→ Brief:
From the line containing "Magnetic field strength: 3 T" through the last line of the records below, each line is to be repeated exactly; pictures are to be omitted.
= = = = =
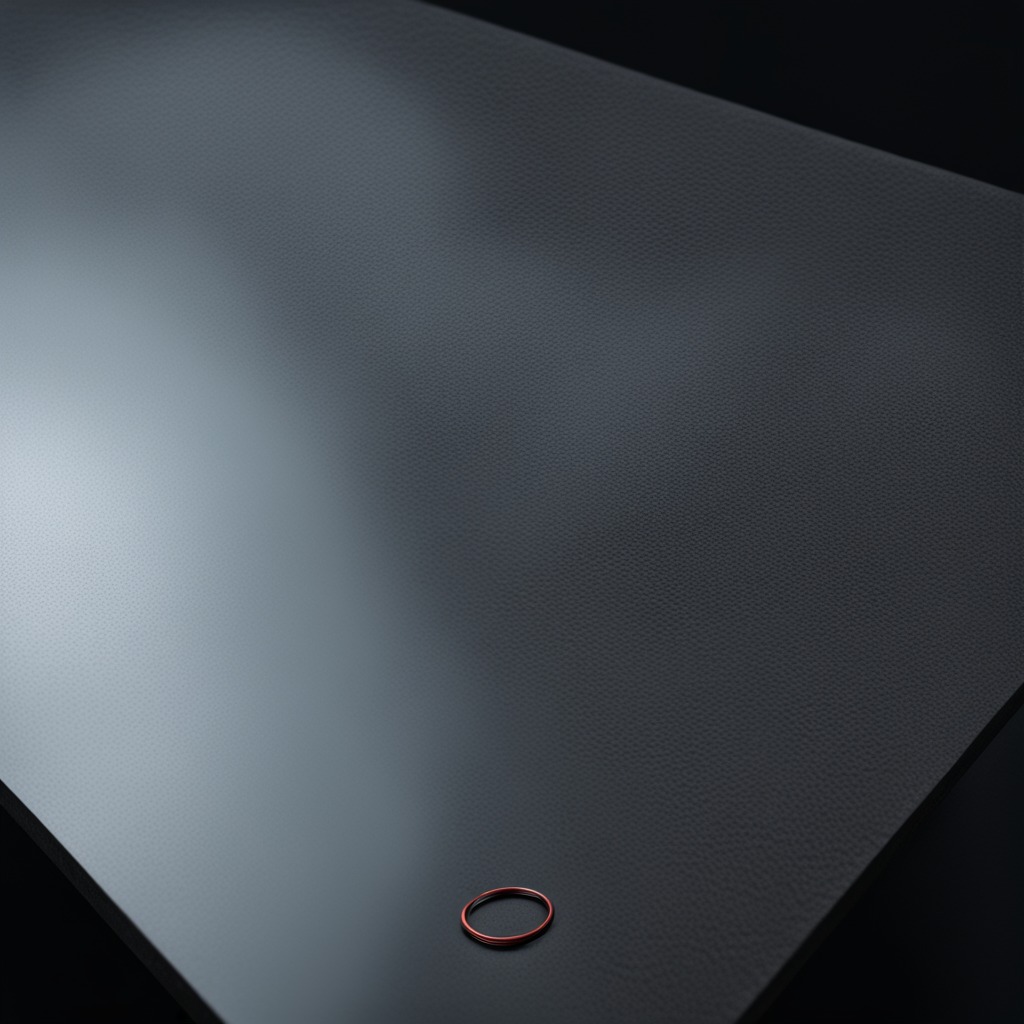
A rubber O-ring lies on the clean granite table inside a workshop at night.
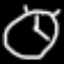
Label: clock
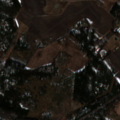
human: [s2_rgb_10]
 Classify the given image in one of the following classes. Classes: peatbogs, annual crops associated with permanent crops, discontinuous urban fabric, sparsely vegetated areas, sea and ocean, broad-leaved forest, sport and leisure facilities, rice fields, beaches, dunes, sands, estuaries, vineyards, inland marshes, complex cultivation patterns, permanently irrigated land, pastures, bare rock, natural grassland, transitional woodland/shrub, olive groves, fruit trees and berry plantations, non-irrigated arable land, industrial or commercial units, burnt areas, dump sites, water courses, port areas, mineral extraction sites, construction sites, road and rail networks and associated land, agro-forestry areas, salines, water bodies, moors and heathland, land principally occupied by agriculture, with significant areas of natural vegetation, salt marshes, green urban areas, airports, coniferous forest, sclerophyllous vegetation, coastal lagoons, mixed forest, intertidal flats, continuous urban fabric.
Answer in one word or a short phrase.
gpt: non-irrigated arable land, coniferous forest, mixed forest
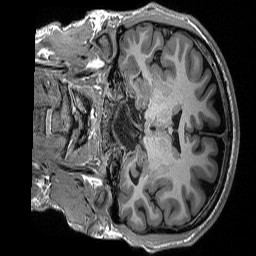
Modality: T1w
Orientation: coronal
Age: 34
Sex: male
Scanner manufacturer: siemens
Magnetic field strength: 3 T
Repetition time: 2.3 s
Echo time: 0.00298 s
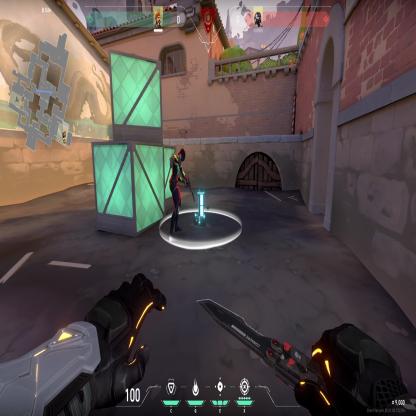
Label: enemy ; planted spike
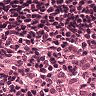
Metastatic tissue present: no
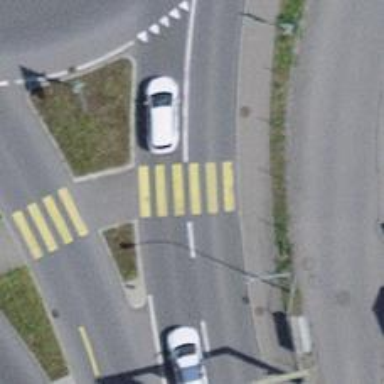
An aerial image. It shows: Zebra crossing on footway.
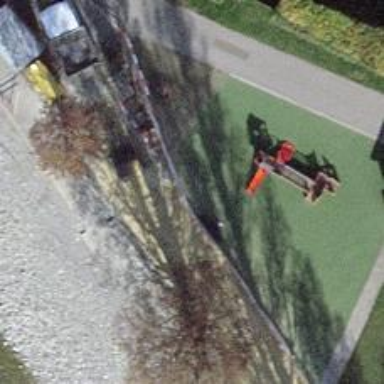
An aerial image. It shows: Bench.
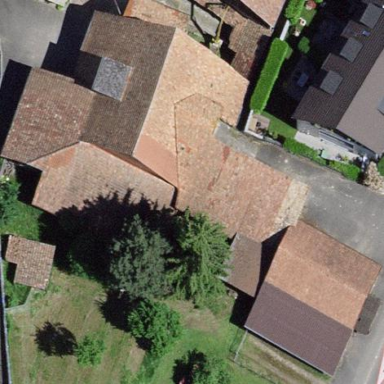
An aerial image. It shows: Farm building.
= = = = =
→ Exercise response:
Magnetic field strength: 3 T
Repetition time: 2.3 s
Echo time: 0.00298 s
Label: enemy ; planted spike
Metastatic tissue present: no
An aerial image. It shows: Zebra crossing on footway.
An aerial image. It shows: Bench.
An aerial image. It shows: Farm building.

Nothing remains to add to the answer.